Of course I’ve also tried wrapping the Julia dot call inside a function, as well as manually looping myself, e.g.:
@inbounds function myfunc(arr)
result = similar(arr)
@simd for i in eachindex(arr)
result[i] = exp(arr[i])
end
return result
end
@benchmark myfunc($arr)
# Time (median): 569.613 μs
…which is identical timing to the dotted version.
Any idea what’s going on here? Some obvious sanity checks - both are Float64, and both are not using fastmath, both are allocating a new array and both are single threaded.
I’m no good at reading llvm code, so I cannot confirm, but it might be that Julia fails to simd the computation. If you use LoopVectorization.jl, it works:
Yeah, I think that’s it! I see near identical timings between numpy and Julia with @turbo. @turbo also speeds up my my own explicit function, even though this already included a @simd macro.
So guess the next question is: why doesn’t the dot call automatically apply simd instructions? And why does my explicit function with manual @simd not work?
(I’ve checked whether this slowdown is attributed to the slow handling of tails, as it mentioned on the LoopVectorization page, but passing in arrays without tails does not make any difference in my own testing.)
It’s a good question. I am not able to figure it out, but I believe LoopVectorization.jl in some cases uses other implementations of some functions which are hard to simd. Probably, exp is one of them.
Julia is just using general mechanisms to calculate exp over your array, while numpy is free to do a special array version, maybe much like LoopVectorization does. Making simd happen in Julia in this case apparently takes more than a simple @simd annotation.
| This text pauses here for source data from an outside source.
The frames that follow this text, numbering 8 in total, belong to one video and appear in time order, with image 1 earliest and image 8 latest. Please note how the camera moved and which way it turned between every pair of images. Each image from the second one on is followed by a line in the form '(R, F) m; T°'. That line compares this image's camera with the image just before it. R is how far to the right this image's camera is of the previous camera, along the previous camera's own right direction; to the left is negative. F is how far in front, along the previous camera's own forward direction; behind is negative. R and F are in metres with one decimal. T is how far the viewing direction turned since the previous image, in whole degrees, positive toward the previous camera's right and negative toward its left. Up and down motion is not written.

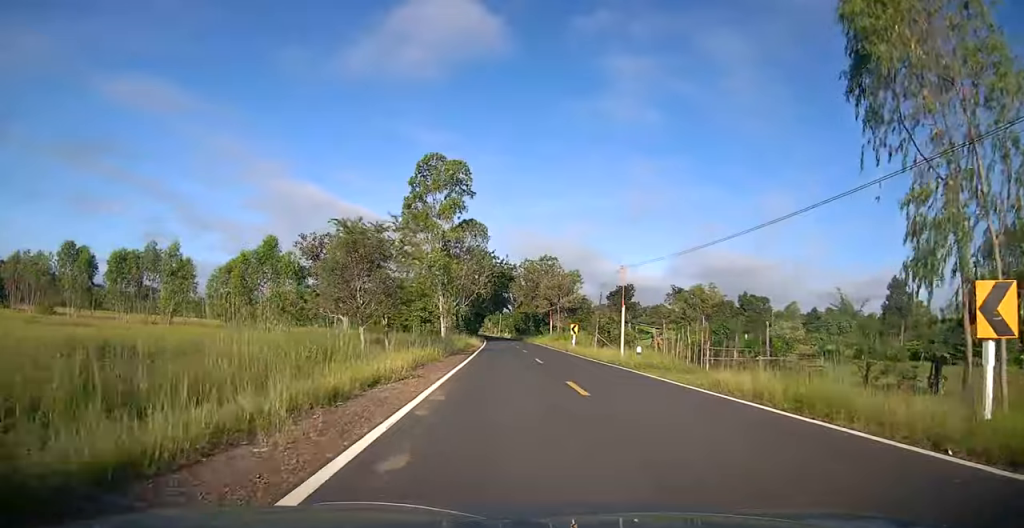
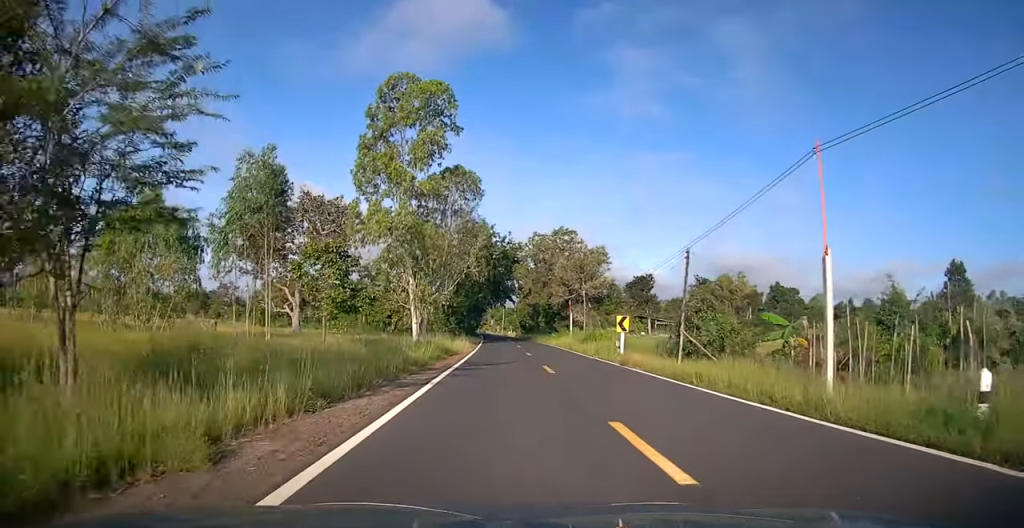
(-0.1, +18.5) m; -1°
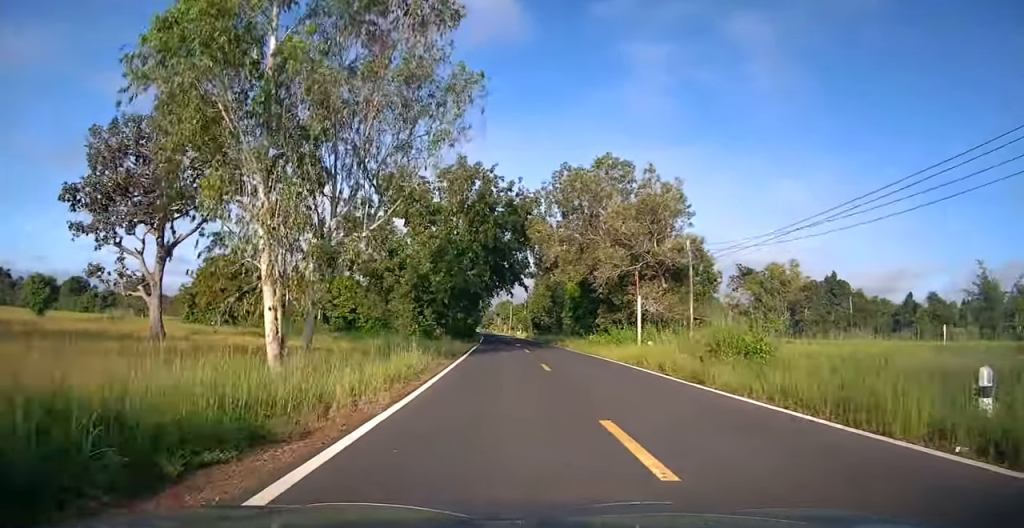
(-0.1, +24.0) m; 0°
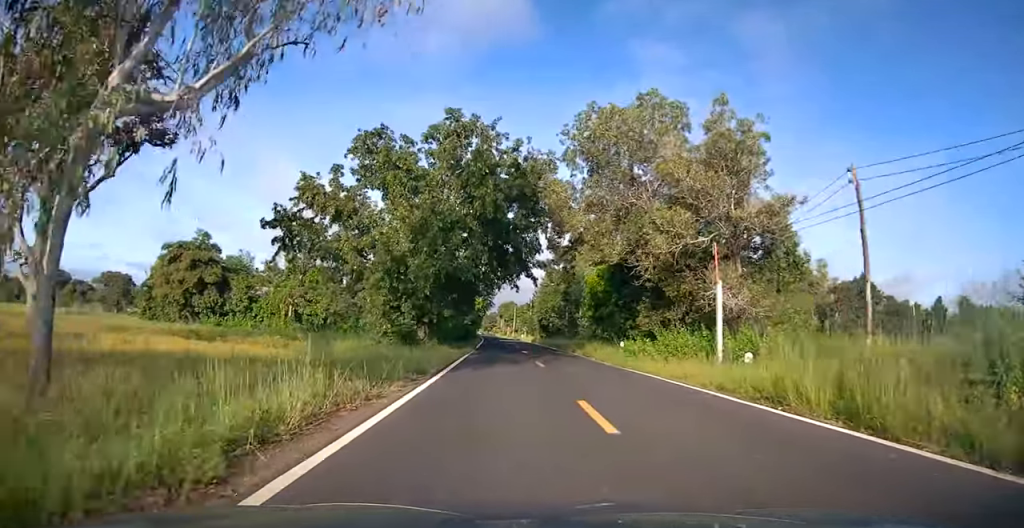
(0.0, +9.7) m; 0°
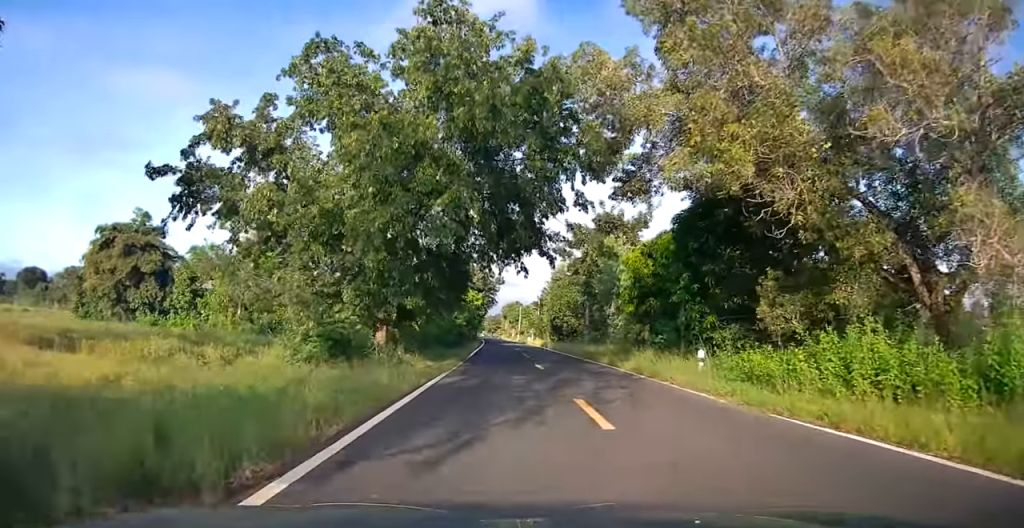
(0.0, +11.5) m; 0°
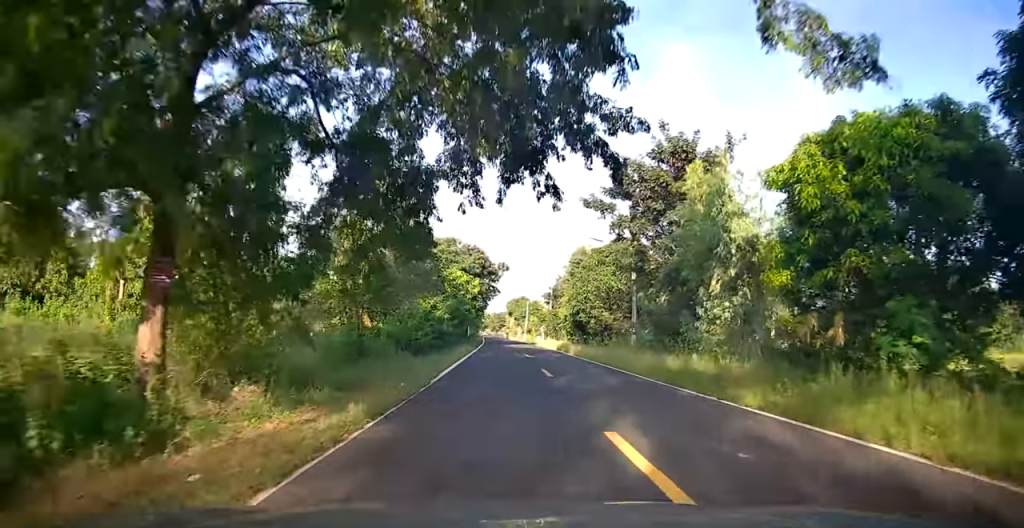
(-0.1, +14.9) m; -1°
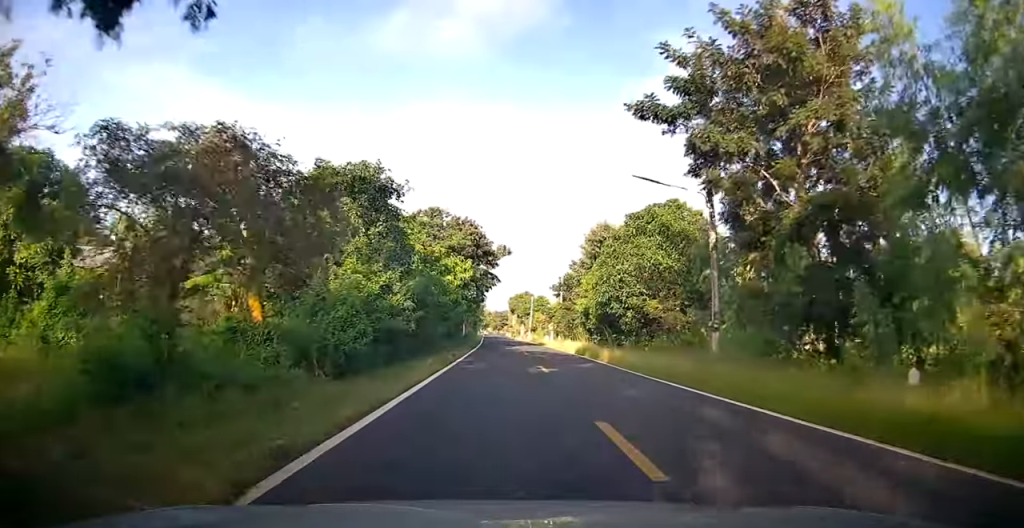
(-0.1, +11.3) m; -1°
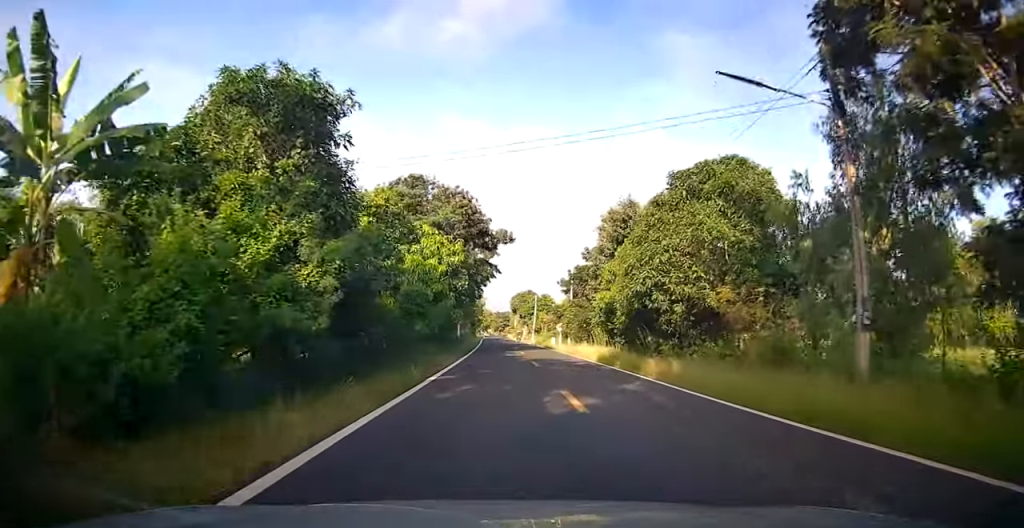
(-0.1, +7.9) m; -1°
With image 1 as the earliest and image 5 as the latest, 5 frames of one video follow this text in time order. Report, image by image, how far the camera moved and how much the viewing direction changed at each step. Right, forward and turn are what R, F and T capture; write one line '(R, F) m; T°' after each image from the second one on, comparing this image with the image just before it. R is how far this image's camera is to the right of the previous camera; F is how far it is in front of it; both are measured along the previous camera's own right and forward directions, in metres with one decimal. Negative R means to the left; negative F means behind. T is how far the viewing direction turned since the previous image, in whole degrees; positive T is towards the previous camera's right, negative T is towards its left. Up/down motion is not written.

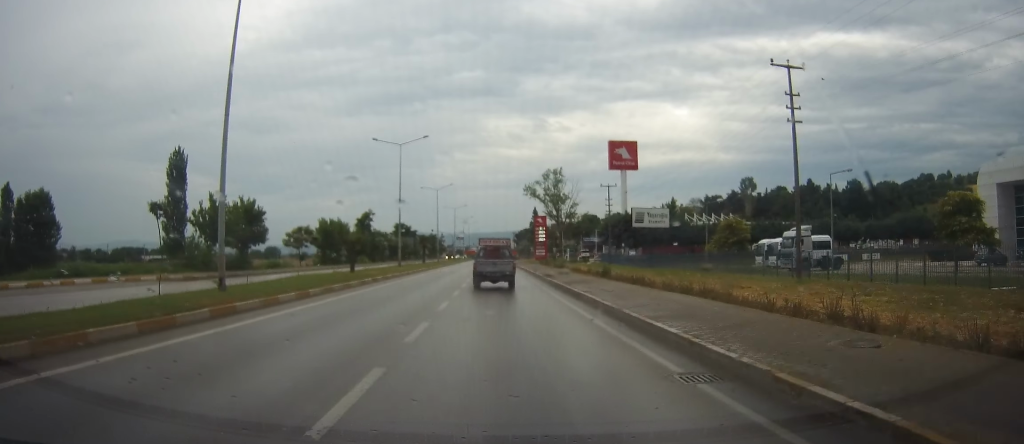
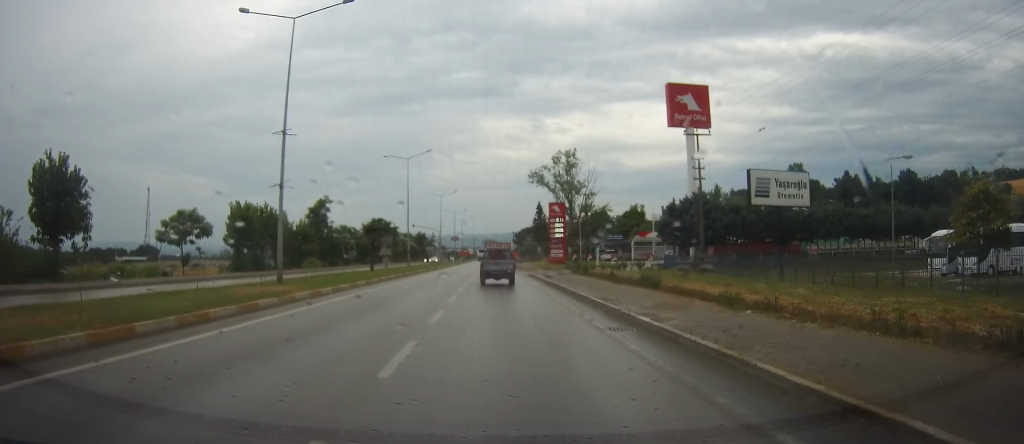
(+0.8, +32.9) m; +2°
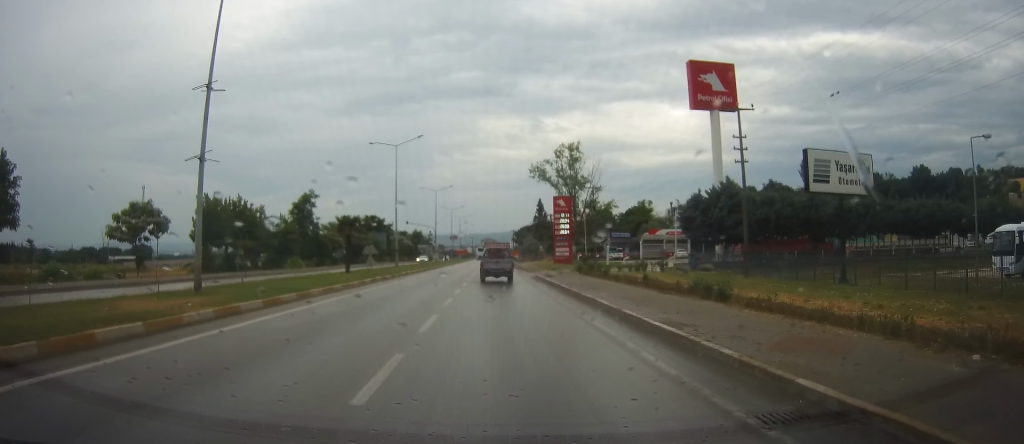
(0.0, +7.8) m; 0°
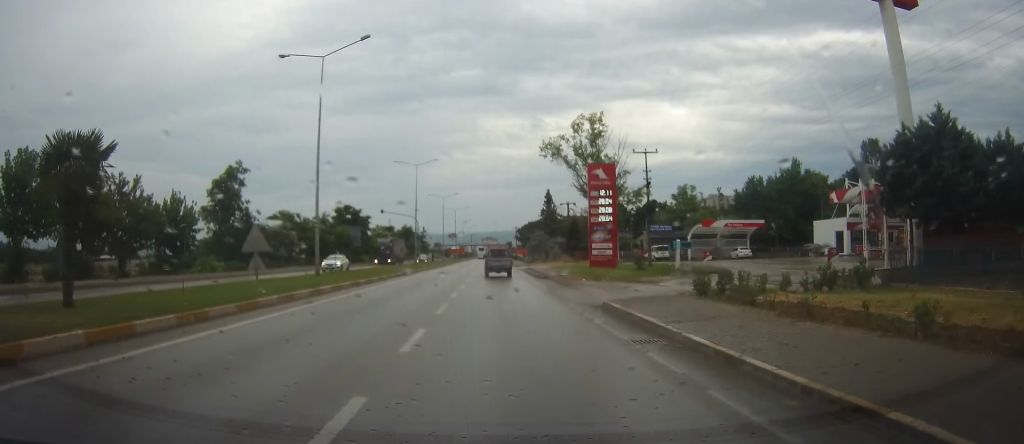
(0.0, +27.2) m; 0°
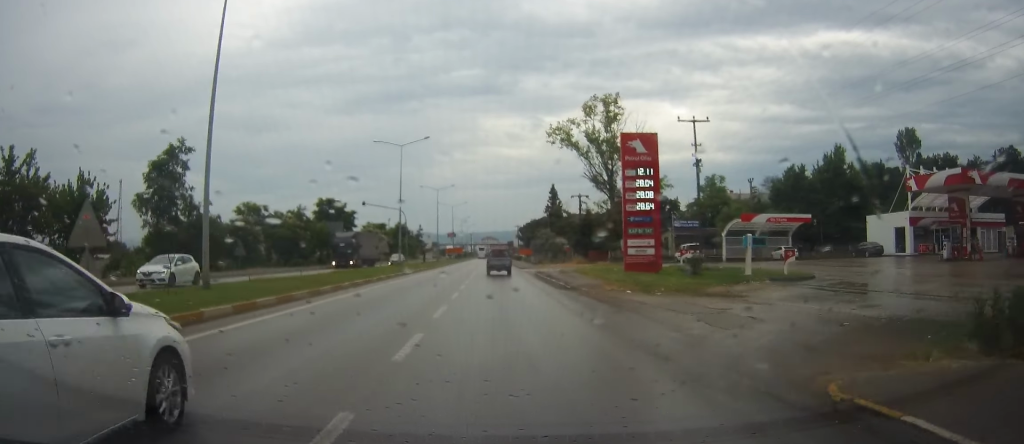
(0.0, +12.5) m; +1°

I just tried this, and I’m getting 402us in Julia 1.7.3 and 435us with numpy. I would have expected them to be completely equal, assuming they are doing the same thing. I’m surprised there’s a difference one way or the other.
That is probably not a good assumption.
I suspect numpy uses your system libM,
julia uses implementations of math functions written in julia – following the same techniques libM authors use in terms of balancing speed and accurasy but potentially ending up at a different point.
Even if exp isn’t one of the functions we have tweaked and optimized it would still be based on the OpenLibM definition which is probably not the same libM that your system runs.
The speedup in Python is very dependent on how numpy has been compiled. I have tested on various system and see the numpy code variably matching the speed of the @turbo Julia or alternatively the plain julia. Obviously some are making use of simd instructions, and some are not.
That’s fine, but doesn’t address the question I asked earlier:
Basically the reason is that Julia can do this if it is able to inline the code, but generically turning scalar code into vector code through the compiler only is a very complicated optimization.
There is no reason to expect Julia to outperform Python on a single call like this. A significant difference in either direction is just low fruit for the other (in this case, the Julia version failing to SIMD). This function is already optimized in Python (or, rather, in C or whatever language was used to write it under the hood). Julia’s performance benefits only really factor in when you are trying to do more complicated sequences of operations that lack a bespoke implementation.
One thing we could that would make this better is to have a better interface to allow the compiler to replace scalar code with custom provided vector code. I’m not fully sure what that interface looks like though.